◆ Problem details
Filter task. Return each line of the material that holds the string "spacing".

◆ Collected material
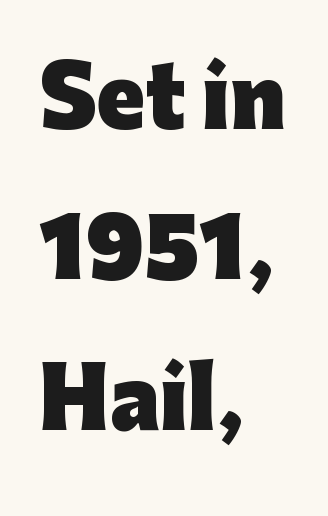
A typesetter would mark this as roman, not italic. Stroke thickness is high; the sample reads as a true bold. There is no visible air inserted between adjacent glyphs. Varying glyph widths throughout — classic text-font behaviour.
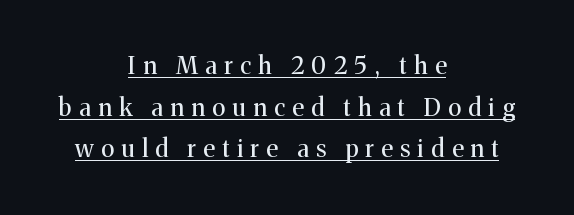
The image shows 24 px text type, upright; set centered, line spacing 1.73x, unusually wide letter spacing (+0.31 em), underlined.
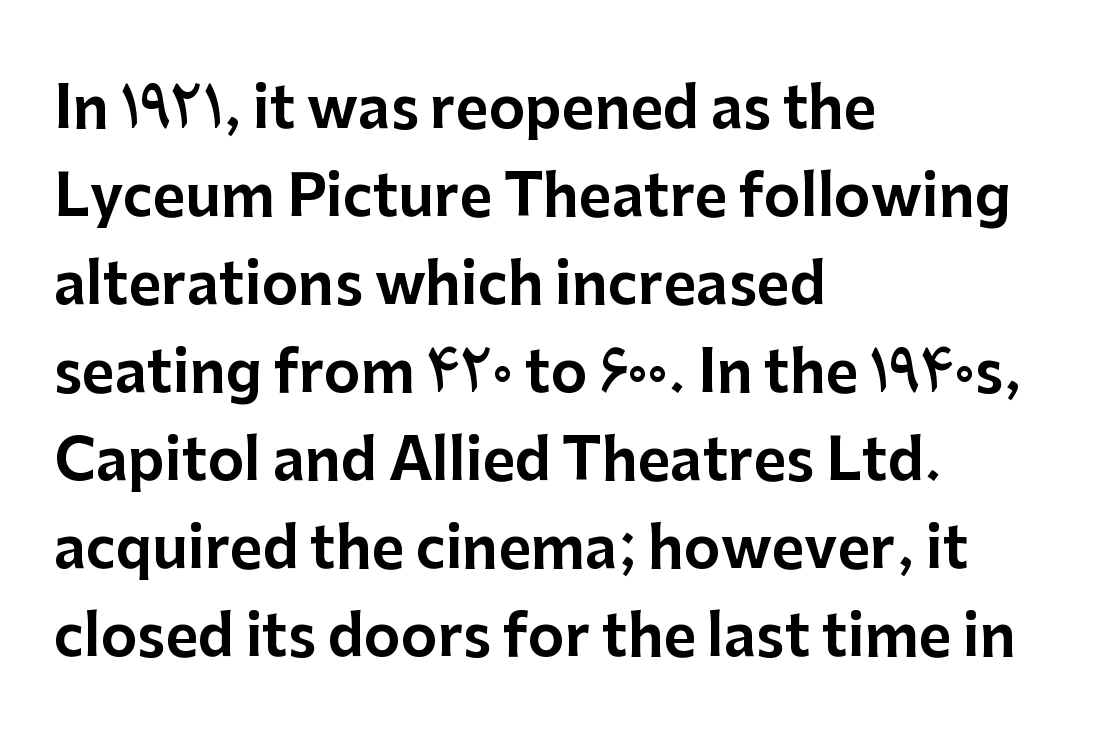
The image shows 56 px sans-serif type, upright; set left-aligned, normal line spacing (1.57x), normal letter spacing, not underlined; low stroke contrast and a medium x-height.
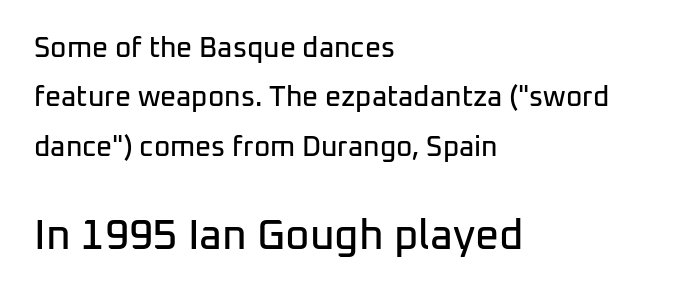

◆ Answer to this problem
The image shows 24 px text type, upright; set centered, line spacing 1.73x, unusually wide letter spacing (+0.31 em), underlined.
The image shows 56 px sans-serif type, upright; set left-aligned, normal line spacing (1.57x), normal letter spacing, not underlined; low stroke contrast and a medium x-height.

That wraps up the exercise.